Your goal: Every line of the records below that holds the word "style" belongs in the answer.

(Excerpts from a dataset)
● ● ● ● ●

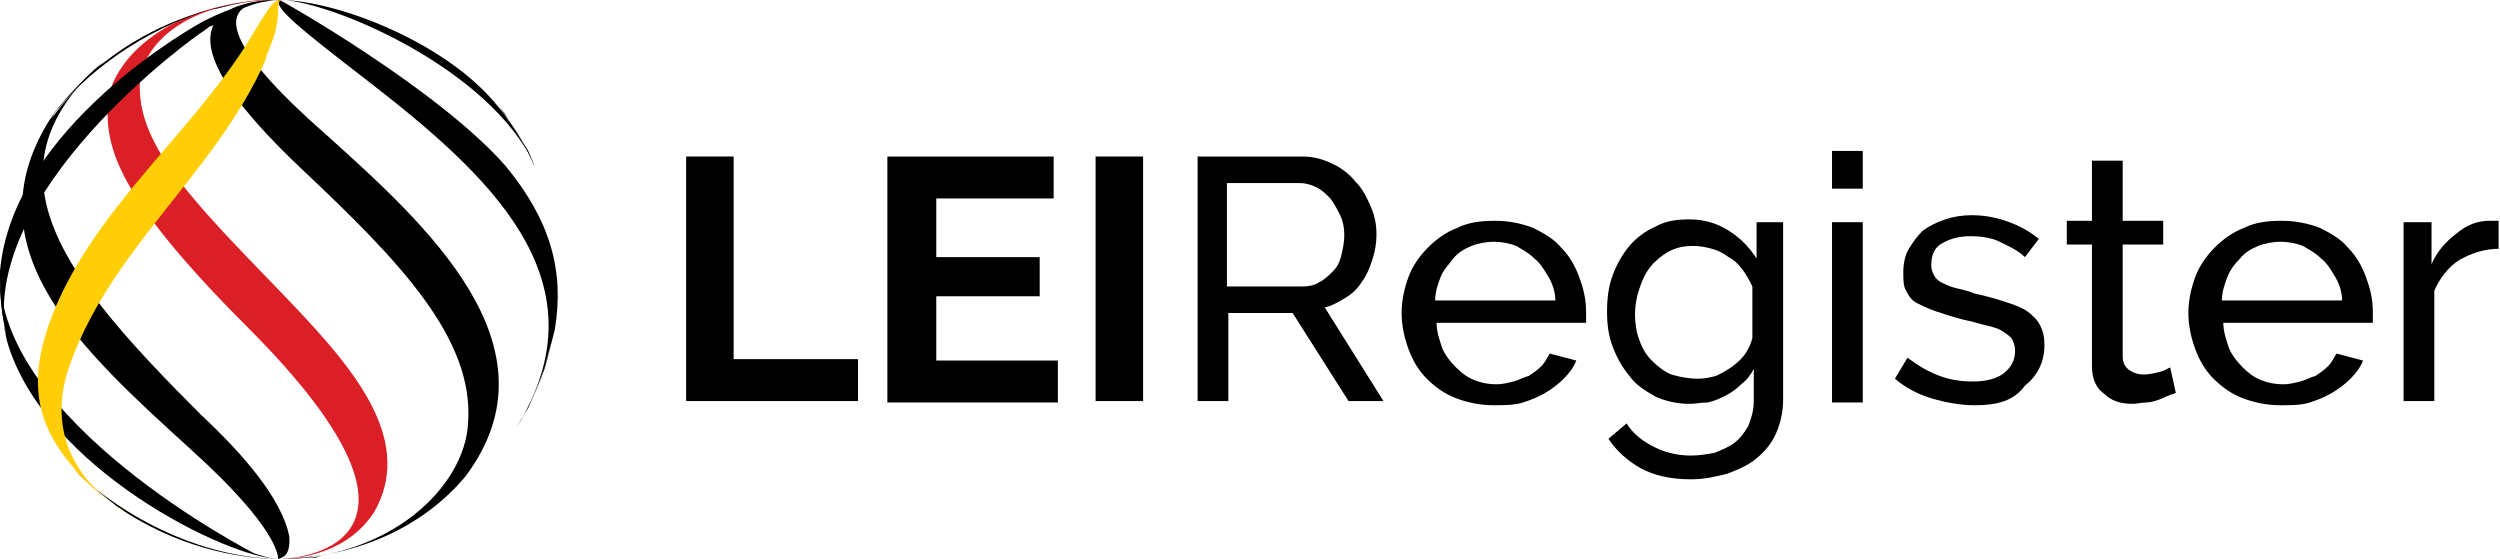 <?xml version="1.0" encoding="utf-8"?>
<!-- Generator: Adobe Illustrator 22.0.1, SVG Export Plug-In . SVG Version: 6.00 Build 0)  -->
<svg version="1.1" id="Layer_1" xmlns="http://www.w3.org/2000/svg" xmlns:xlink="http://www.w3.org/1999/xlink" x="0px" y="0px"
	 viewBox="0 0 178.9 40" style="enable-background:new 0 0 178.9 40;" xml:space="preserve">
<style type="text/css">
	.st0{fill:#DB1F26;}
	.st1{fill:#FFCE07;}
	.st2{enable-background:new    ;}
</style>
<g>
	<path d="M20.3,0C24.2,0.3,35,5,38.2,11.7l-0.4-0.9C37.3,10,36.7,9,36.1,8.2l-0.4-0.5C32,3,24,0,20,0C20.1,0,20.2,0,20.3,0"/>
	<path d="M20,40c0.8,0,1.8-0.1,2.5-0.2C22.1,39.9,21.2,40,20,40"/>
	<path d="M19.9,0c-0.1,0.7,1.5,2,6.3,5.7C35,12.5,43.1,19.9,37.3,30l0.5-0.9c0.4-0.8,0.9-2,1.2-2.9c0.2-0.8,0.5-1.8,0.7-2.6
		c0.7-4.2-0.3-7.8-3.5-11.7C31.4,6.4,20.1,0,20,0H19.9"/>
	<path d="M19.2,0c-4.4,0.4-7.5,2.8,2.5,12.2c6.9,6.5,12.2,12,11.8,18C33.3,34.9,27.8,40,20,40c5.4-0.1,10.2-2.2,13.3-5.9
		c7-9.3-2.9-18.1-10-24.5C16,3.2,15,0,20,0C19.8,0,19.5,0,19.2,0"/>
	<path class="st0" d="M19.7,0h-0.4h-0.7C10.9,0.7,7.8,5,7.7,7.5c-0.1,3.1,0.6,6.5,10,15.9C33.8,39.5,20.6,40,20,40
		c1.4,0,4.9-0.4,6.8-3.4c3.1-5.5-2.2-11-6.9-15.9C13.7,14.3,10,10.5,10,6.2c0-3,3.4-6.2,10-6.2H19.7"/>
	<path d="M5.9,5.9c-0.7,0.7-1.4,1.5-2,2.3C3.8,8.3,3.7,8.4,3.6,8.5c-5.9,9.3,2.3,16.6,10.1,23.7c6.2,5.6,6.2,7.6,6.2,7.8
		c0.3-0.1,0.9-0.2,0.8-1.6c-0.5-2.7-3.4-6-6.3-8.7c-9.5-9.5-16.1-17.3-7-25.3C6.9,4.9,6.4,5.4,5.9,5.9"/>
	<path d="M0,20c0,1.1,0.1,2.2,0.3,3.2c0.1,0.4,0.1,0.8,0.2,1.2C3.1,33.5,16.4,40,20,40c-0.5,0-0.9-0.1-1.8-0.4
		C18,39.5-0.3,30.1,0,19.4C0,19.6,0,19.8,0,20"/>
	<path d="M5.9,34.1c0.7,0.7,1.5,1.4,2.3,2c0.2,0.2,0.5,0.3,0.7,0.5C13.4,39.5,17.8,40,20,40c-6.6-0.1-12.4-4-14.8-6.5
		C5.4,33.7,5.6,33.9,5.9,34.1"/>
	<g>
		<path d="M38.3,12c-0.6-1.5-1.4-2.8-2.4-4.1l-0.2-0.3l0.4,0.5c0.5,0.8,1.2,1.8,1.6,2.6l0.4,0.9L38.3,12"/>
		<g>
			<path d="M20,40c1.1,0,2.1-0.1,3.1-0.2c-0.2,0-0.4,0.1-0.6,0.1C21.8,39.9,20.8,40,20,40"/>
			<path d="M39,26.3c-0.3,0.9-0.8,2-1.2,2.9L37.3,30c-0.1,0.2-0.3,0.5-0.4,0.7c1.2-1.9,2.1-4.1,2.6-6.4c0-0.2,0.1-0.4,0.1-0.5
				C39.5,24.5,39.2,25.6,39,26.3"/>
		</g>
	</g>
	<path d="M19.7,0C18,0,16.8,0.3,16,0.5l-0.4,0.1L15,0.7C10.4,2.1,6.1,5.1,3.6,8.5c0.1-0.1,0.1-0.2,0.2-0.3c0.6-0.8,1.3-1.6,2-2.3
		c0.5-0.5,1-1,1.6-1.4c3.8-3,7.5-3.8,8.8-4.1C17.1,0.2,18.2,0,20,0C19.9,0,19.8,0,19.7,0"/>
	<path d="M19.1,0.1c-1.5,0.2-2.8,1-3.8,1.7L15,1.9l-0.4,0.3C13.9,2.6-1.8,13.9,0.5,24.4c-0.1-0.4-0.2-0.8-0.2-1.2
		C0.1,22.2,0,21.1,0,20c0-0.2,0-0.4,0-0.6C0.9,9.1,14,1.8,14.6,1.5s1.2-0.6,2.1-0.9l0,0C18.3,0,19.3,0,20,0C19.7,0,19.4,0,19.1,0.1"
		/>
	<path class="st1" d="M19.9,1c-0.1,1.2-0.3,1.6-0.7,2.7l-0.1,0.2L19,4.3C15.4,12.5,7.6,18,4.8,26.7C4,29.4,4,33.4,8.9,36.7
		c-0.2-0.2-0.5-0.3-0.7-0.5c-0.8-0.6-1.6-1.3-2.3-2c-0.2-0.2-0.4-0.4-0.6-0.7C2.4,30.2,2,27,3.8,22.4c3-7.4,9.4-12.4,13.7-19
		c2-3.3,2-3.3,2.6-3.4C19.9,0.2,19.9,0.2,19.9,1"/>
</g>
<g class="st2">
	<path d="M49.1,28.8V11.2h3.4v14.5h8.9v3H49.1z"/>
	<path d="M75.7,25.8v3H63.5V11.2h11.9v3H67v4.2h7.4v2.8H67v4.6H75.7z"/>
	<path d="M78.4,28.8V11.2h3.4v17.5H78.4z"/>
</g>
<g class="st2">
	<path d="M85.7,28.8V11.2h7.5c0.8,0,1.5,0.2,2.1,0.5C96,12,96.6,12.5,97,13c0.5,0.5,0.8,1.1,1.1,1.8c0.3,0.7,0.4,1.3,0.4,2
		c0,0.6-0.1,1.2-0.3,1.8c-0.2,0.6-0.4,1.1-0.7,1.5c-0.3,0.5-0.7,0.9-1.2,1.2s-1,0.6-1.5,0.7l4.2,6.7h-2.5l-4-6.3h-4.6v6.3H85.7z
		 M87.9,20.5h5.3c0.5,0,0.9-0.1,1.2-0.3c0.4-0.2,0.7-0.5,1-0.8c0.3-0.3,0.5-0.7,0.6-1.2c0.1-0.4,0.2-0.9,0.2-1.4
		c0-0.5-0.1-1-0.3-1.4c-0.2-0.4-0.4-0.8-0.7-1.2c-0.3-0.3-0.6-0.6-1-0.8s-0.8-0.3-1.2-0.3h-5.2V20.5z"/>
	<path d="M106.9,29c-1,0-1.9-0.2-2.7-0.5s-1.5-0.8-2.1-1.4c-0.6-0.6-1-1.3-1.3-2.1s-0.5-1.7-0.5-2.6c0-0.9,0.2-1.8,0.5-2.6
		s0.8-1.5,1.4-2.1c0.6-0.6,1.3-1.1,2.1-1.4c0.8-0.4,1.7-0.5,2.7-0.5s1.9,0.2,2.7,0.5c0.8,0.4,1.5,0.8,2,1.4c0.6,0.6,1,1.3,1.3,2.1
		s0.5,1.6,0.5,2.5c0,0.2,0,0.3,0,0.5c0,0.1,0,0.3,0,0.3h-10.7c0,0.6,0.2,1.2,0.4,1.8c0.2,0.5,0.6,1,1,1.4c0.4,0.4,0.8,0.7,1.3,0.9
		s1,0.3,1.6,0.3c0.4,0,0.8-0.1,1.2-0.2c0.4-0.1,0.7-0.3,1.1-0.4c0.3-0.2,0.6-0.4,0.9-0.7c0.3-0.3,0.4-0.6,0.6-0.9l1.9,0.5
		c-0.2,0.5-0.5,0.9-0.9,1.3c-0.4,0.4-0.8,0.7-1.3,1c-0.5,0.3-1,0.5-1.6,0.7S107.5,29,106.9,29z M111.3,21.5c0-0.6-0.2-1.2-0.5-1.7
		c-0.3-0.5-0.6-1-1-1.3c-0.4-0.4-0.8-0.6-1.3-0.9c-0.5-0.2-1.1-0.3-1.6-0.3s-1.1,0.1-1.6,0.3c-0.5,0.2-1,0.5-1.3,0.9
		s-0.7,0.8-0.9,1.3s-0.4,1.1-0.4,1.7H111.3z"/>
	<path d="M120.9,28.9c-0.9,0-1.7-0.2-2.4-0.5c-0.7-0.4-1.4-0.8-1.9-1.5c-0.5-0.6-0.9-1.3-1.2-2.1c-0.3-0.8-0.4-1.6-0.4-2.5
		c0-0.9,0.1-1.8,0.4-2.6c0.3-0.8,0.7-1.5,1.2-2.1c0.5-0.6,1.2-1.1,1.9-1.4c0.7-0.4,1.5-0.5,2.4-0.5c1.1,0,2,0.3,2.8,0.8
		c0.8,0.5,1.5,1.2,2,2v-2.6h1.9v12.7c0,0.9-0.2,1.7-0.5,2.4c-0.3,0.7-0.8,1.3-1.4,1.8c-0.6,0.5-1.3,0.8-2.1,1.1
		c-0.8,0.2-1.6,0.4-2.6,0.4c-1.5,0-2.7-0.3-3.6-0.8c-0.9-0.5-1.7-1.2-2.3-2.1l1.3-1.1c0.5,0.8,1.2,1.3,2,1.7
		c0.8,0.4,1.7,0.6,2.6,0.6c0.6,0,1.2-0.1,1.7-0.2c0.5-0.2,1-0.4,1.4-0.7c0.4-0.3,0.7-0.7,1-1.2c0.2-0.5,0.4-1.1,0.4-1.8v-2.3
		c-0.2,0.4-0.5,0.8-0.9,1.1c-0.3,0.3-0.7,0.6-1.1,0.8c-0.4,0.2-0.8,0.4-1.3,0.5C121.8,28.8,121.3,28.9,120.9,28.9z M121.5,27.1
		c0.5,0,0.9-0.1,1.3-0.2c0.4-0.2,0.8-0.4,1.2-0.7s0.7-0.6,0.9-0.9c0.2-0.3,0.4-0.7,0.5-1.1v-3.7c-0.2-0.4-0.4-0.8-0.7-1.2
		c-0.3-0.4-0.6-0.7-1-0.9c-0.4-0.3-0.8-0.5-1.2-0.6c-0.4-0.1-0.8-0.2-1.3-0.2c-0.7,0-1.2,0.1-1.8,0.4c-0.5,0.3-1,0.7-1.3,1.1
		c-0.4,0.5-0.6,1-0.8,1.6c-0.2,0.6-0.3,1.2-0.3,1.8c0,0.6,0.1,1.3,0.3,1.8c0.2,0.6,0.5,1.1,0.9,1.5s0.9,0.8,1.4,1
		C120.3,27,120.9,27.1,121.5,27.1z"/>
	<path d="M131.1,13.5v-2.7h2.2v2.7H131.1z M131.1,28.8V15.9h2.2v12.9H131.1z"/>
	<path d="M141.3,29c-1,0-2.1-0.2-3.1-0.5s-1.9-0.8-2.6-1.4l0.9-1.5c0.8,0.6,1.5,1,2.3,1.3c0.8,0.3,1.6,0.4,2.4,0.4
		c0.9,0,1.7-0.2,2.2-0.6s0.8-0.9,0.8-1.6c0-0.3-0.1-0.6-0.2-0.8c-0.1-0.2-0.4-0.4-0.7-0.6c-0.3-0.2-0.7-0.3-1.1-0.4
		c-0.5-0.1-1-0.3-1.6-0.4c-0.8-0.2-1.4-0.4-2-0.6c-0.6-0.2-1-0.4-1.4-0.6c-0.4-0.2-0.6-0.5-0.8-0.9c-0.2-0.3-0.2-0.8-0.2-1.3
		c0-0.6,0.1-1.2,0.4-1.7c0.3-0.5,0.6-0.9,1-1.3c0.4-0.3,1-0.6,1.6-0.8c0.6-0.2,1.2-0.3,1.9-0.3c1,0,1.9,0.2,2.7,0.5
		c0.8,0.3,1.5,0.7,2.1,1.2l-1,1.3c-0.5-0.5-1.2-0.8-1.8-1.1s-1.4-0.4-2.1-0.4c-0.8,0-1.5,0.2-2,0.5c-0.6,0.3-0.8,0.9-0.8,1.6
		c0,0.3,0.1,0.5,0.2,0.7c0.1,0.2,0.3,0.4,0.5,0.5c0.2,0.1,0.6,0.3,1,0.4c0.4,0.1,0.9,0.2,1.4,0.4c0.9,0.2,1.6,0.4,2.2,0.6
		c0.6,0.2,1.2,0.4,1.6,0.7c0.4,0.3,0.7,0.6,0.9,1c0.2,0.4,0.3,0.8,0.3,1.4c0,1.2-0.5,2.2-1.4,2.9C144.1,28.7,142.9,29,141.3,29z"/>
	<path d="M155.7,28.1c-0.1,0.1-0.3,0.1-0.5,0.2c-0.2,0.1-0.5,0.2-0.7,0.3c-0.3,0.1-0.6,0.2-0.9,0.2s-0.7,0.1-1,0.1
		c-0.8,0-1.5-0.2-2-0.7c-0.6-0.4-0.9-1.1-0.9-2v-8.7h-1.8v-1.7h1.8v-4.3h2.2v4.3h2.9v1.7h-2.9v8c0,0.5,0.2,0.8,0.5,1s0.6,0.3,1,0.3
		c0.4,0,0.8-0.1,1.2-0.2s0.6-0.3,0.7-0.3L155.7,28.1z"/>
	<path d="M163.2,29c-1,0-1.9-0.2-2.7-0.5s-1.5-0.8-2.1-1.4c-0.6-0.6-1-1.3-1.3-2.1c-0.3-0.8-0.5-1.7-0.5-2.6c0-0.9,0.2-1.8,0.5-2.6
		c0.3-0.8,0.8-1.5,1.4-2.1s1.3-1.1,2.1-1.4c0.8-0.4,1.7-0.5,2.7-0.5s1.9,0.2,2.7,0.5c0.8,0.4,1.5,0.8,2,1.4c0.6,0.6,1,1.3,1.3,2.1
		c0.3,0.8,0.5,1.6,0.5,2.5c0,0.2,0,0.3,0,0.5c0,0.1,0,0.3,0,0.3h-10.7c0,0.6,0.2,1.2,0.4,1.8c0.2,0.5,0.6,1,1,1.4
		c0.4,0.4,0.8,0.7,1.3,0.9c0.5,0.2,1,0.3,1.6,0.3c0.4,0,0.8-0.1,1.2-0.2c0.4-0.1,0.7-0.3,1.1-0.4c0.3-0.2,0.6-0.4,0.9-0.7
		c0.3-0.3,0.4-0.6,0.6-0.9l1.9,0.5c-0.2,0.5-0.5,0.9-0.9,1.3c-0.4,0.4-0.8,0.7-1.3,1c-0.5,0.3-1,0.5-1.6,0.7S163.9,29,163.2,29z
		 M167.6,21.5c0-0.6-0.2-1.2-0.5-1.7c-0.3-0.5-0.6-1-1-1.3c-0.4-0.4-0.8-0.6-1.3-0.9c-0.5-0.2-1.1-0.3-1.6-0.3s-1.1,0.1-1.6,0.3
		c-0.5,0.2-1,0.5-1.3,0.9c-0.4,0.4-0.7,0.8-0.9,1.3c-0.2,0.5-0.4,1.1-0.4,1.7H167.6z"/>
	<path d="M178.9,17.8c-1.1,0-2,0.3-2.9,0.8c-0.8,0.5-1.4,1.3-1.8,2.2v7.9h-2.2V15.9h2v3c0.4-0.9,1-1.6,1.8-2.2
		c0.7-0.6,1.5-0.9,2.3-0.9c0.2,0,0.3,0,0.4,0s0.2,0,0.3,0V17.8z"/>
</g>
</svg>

● ● ● ● ●

Answer box:
	 viewBox="0 0 178.9 40" style="enable-background:new 0 0 178.9 40;" xml:space="preserve">
<style type="text/css">
</style>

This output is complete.